Count the lines below that contain "forest". Answer with the number alone.

═════ EXERCISE MATERIALS

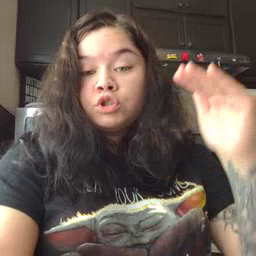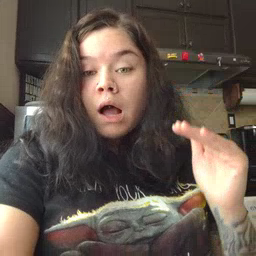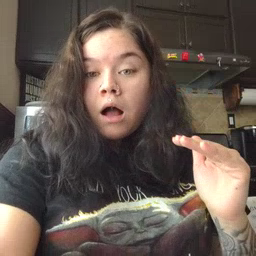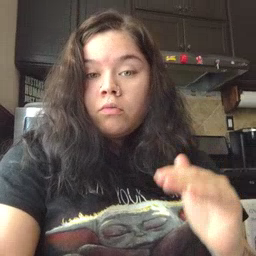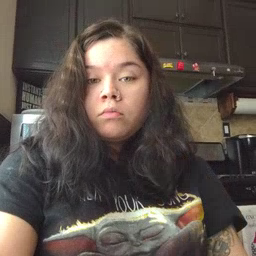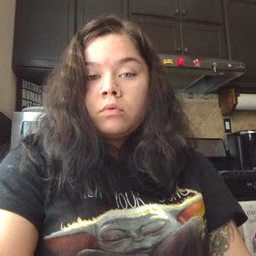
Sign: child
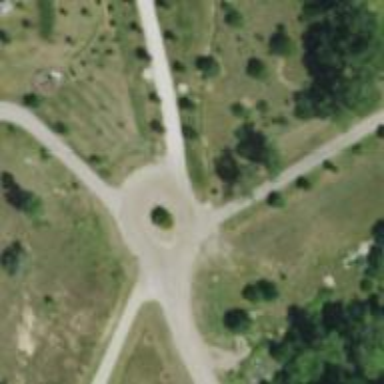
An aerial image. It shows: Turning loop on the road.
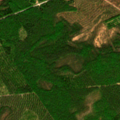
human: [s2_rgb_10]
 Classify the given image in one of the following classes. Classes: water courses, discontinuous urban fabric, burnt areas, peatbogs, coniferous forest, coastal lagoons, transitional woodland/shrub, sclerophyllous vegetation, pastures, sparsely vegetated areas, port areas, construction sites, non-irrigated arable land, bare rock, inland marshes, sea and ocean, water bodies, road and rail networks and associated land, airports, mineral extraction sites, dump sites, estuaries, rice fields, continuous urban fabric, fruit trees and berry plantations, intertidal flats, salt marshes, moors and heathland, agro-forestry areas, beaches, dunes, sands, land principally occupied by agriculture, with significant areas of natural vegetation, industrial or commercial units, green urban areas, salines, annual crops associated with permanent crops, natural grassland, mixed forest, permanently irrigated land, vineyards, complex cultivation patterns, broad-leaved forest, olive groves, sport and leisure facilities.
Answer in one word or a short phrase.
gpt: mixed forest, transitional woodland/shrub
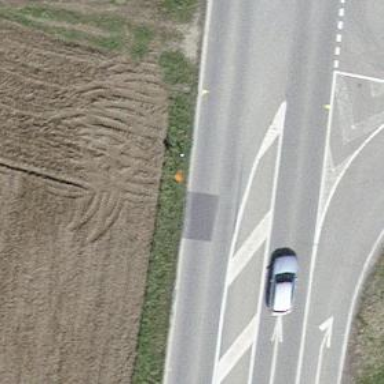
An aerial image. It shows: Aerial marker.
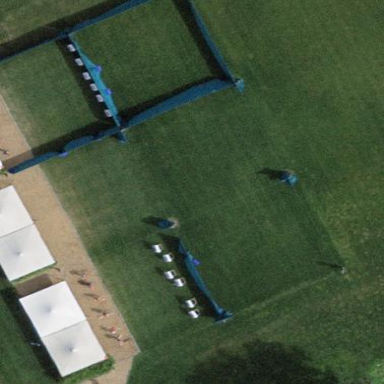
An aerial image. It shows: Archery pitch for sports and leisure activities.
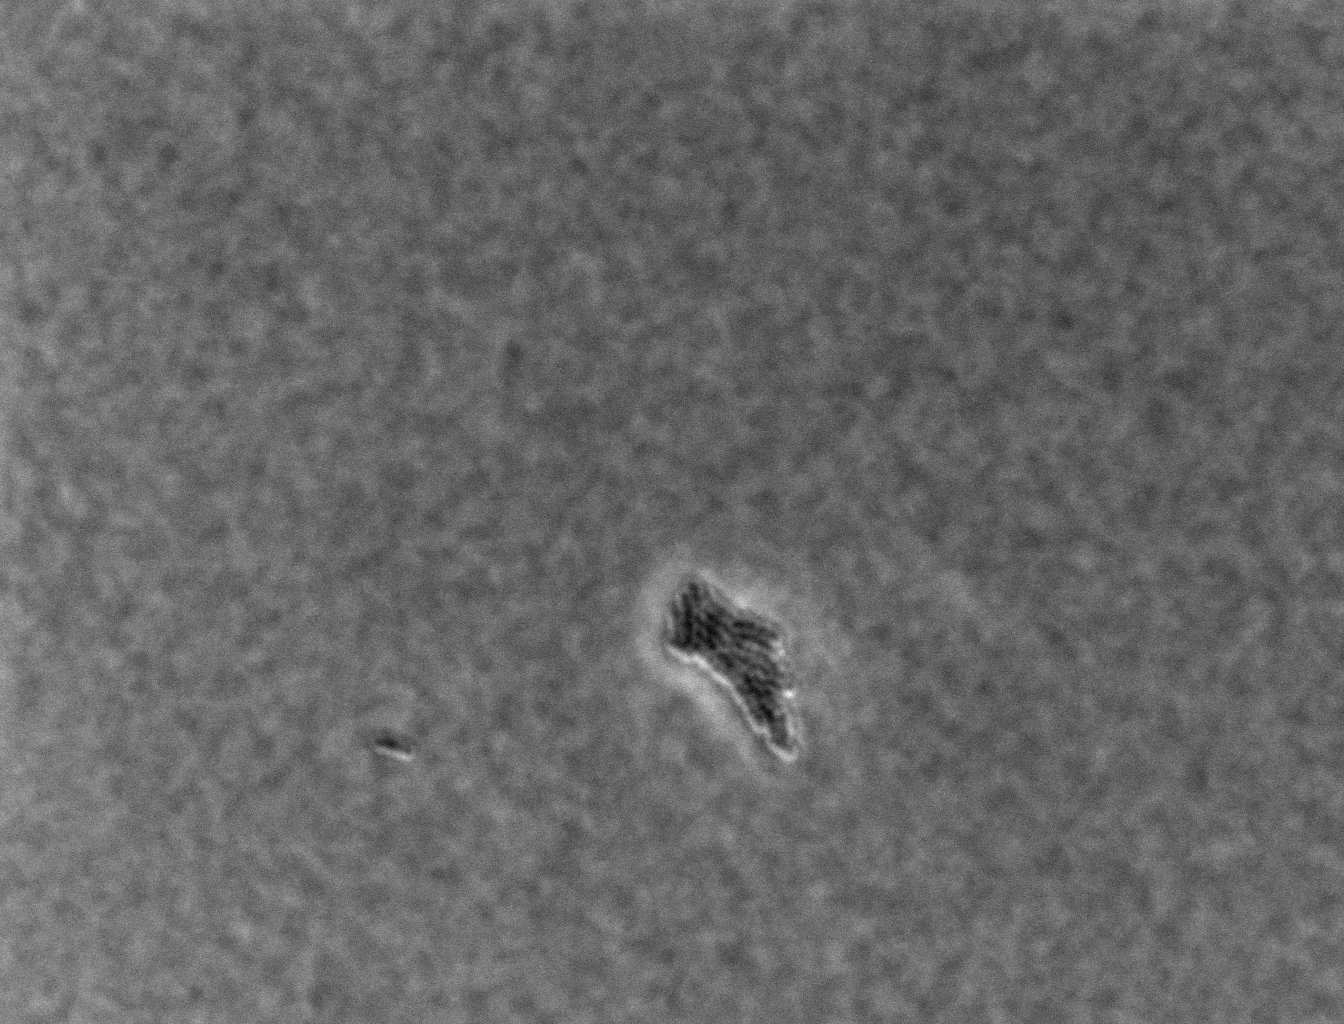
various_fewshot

══════════

[SOLUTION TO THIS EXERCISE]: 2